Reading from a TAR file as a File/Cursor

Hi. I'm trying to use the tar-rs library in what might be a unique (or crazy!) manner. Long story short, I have a TAR file that has several files in it. I need to be able to feed one of the files into a partial decompression engine. If I give it a File (or, more accurately, something with the Read and Seek traits), it's happy. (I'm guessing a Cursor would be okay too.) I know I can read the compressed file in the TAR file into its own file. The problem is that it's possible I'll have files that are several gigabytes large. Therefore, I'd like to come up with a scheme that will take the Entry and translate it into something appropriate. Maybe my Rust-fu isn't good enough but I went over the tar-rs code and couldn't find anything that looked like it'd work. I also couldn't find any wrappers that can accomplish what I'm seeking.


Just browsing docs, but it looks like you want to start with a reader that can seek, make that into an Archive, get ahold of the desired Entry, check the Header to make sure you have a non-sparse file entry, get the entry size, get the raw_file_position, recover your underlying reader, seek to the position, take the entry size.

Then you'll have a Read + Seek that should correspond to the file in the tar.


1 Like

Thanks! That almost got me there. The fly in the ointment appears to be the fact that Take doesn't implement the Seek trait. I tried to use a Cursor wrapper but it requires whatever's placed in it to implement the AsRef<[u8]> trait, which Take doesn't do. Uggh! Thoughts?

Yeah, thinking about it, there's no universally unsurprising implementation of Seek for Take , and even if it had one, it wouldn't involve pretending the current position was the start.

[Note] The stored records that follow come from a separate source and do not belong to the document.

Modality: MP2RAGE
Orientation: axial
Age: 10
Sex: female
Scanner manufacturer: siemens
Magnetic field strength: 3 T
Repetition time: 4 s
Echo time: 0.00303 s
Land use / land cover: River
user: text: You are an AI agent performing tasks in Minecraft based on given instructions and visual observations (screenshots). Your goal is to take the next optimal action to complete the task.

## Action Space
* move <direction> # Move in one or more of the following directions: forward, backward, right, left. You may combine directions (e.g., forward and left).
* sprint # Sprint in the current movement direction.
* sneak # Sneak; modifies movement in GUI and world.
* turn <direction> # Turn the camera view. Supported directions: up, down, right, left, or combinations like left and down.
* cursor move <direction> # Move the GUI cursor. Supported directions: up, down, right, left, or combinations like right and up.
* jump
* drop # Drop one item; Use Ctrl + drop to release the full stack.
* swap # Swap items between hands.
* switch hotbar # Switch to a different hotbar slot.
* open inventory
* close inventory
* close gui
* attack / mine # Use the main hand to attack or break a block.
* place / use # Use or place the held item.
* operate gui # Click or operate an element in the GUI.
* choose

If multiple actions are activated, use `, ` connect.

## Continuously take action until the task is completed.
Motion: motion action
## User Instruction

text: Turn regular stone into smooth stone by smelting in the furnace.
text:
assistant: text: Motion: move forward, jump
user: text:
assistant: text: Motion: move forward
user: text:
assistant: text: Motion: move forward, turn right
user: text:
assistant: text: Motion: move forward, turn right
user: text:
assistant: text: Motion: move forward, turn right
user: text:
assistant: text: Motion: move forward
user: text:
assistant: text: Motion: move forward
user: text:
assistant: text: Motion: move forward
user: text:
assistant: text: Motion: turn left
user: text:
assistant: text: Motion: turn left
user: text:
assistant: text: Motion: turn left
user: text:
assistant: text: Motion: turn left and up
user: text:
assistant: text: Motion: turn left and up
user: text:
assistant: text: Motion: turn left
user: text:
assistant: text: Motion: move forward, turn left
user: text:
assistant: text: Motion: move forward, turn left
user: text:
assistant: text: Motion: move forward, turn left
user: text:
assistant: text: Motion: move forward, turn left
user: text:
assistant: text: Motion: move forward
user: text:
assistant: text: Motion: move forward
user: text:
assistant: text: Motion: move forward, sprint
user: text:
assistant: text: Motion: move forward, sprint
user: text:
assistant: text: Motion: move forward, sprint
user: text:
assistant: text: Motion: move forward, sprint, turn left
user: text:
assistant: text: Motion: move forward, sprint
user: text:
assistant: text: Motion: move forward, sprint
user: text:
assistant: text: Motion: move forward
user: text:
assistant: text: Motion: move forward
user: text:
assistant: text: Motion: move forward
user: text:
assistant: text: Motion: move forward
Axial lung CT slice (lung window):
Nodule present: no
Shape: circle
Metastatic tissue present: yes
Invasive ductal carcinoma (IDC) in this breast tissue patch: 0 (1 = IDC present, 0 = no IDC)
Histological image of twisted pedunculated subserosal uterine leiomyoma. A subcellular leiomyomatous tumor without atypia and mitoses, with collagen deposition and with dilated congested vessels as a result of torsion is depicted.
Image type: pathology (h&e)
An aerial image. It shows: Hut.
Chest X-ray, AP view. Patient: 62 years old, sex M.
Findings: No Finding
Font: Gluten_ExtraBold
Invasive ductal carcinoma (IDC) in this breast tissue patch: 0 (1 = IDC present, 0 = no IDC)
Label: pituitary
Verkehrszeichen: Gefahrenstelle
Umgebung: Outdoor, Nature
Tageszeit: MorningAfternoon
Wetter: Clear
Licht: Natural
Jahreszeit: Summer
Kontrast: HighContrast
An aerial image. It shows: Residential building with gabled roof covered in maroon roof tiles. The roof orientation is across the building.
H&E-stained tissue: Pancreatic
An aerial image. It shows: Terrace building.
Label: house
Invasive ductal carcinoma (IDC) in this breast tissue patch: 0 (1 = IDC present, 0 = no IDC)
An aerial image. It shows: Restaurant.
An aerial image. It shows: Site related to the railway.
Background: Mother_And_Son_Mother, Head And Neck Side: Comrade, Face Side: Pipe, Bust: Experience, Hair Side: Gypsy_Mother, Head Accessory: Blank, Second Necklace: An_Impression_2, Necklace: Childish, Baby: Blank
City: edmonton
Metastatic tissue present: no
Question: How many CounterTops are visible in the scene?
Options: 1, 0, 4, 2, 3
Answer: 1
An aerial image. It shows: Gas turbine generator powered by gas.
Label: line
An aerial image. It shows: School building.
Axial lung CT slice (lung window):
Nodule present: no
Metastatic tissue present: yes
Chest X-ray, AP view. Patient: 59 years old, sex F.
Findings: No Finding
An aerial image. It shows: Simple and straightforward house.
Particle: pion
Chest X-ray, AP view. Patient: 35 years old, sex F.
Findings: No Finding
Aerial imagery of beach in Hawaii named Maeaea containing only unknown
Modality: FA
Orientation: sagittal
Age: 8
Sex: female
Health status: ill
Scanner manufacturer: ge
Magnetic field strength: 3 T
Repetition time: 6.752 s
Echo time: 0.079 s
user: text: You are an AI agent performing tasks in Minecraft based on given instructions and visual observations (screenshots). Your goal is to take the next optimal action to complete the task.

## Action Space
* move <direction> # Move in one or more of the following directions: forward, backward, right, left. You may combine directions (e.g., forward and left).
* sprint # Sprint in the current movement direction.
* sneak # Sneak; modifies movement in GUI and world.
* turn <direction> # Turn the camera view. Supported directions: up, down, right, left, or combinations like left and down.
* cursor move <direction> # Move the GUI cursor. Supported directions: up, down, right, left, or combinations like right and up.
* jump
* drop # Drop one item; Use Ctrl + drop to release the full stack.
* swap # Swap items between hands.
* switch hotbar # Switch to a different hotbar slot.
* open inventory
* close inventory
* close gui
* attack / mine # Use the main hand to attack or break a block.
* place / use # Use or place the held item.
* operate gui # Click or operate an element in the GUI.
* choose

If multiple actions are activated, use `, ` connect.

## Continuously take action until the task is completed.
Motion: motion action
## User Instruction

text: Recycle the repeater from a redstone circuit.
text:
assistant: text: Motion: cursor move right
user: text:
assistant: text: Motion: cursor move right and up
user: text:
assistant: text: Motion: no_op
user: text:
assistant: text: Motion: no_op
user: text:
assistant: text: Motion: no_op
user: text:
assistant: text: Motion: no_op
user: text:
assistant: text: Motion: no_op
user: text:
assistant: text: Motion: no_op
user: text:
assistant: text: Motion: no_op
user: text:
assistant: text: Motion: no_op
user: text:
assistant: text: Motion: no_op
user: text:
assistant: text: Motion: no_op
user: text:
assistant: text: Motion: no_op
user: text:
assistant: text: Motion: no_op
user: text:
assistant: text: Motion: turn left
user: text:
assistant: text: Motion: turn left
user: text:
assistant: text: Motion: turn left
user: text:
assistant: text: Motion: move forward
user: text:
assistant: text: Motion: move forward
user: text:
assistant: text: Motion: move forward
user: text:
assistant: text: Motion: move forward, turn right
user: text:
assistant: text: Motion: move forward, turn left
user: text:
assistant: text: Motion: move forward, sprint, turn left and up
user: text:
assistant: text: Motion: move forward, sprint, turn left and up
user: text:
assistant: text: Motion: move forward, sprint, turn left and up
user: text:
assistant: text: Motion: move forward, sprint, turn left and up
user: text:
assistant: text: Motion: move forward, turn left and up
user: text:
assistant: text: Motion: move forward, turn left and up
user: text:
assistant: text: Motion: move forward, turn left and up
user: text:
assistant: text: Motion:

You need something that takes both an ending and beginning position and an underlying Read + Seek, and acts like that's the entire "file" both in terms of reading and seeking. It would have to translate seek positions for all the possible seek strategies, e.g. not allowing seeking before the beginning of the entry. Such a thing might exist as a crate, or you could create your own.

Here's a POC that could use better errors and needs a lot more testing. And find_it should consume the reader on failure. But if you don't find anything in the ecosystem, maybe it's a good start.


Thanks! I'll play with this ASAP and see what comes up.

This topic was automatically closed 90 days after the last reply. We invite you to open a new topic if you have further questions or comments.